### Material shown ###

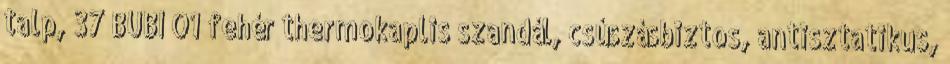
talp, 37 BUBI O1 fehér thermokaplis szandál, csúszásbiztos, antisztatikus,
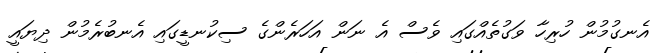
އެނގުމުން ހުރިހާ ވަގުތެއްގައި ވެސް އެ ނަން އަހަރެންގެ ސިކުނޑީގައި އެނބުރެމުން ދިޔައީ
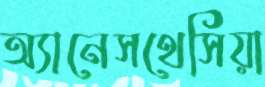
অ্যানেসথেসিয়া
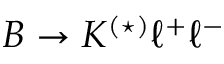
B \to K ^ { ( \star ) } \ell ^ { + } \ell ^ { - }
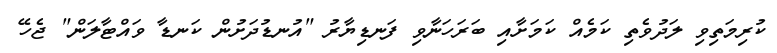
ކުރިމަތިވި ލަދުވެތި ކަމެއް ކަމަށާއި ބަރަހަނާވި ފަނޑިޔާރު "އުނޑުދަށުން ކަނޑާ ވައްޓާލަން" ޖެހޭ
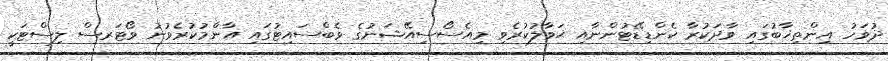
ދުވަހު އިންތިޚާބުގައި ވާދަކުރާ ކެންޑިޑޭޓުންނާއި ޙަވާލުކުރެވި މިއެސޯސިއޭޝަނުގެ ވެބްސައިޓުގައި އާންމުކުރެވުނު ވޯޓަރސް ލިސްޓަކީ
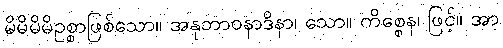
မိမိမိမိဥစ္စာဖြစ်သော။ အနုဘာဝနာဒိနာ၊ သော။ ကိစ္စေန၊ ဖြင့်။ အာ
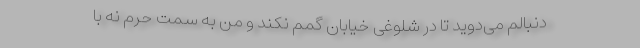
دنبالم می‌دوید تا در شلوغی خیابان گمم نکند و من به سمت حرم نه با
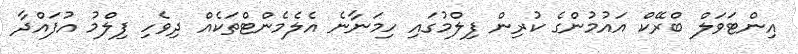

###

◆ Instructions to follow
Leave out the pictures and return, exactly as written, only the lines from the line with "ދުވަހު އިންތިޚާބުގައި ވާދަކުރާ" through the end of the records above.

◆ Solution to the exercise
ދުވަހު އިންތިޚާބުގައި ވާދަކުރާ ކެންޑިޑޭޓުންނާއި ޙަވާލުކުރެވި މިއެސޯސިއޭޝަނުގެ ވެބްސައިޓުގައި އާންމުކުރެވުނު ވޯޓަރސް ލިސްޓަކީ
မိမိမိမိဥစ္စာဖြစ်သော။ အနုဘာဝနာဒိနာ၊ သော။ ကိစ္စေန၊ ဖြင့်။ အာ
دنبالم می‌دوید تا در شلوغی خیابان گمم نکند و من به سمت حرم نه با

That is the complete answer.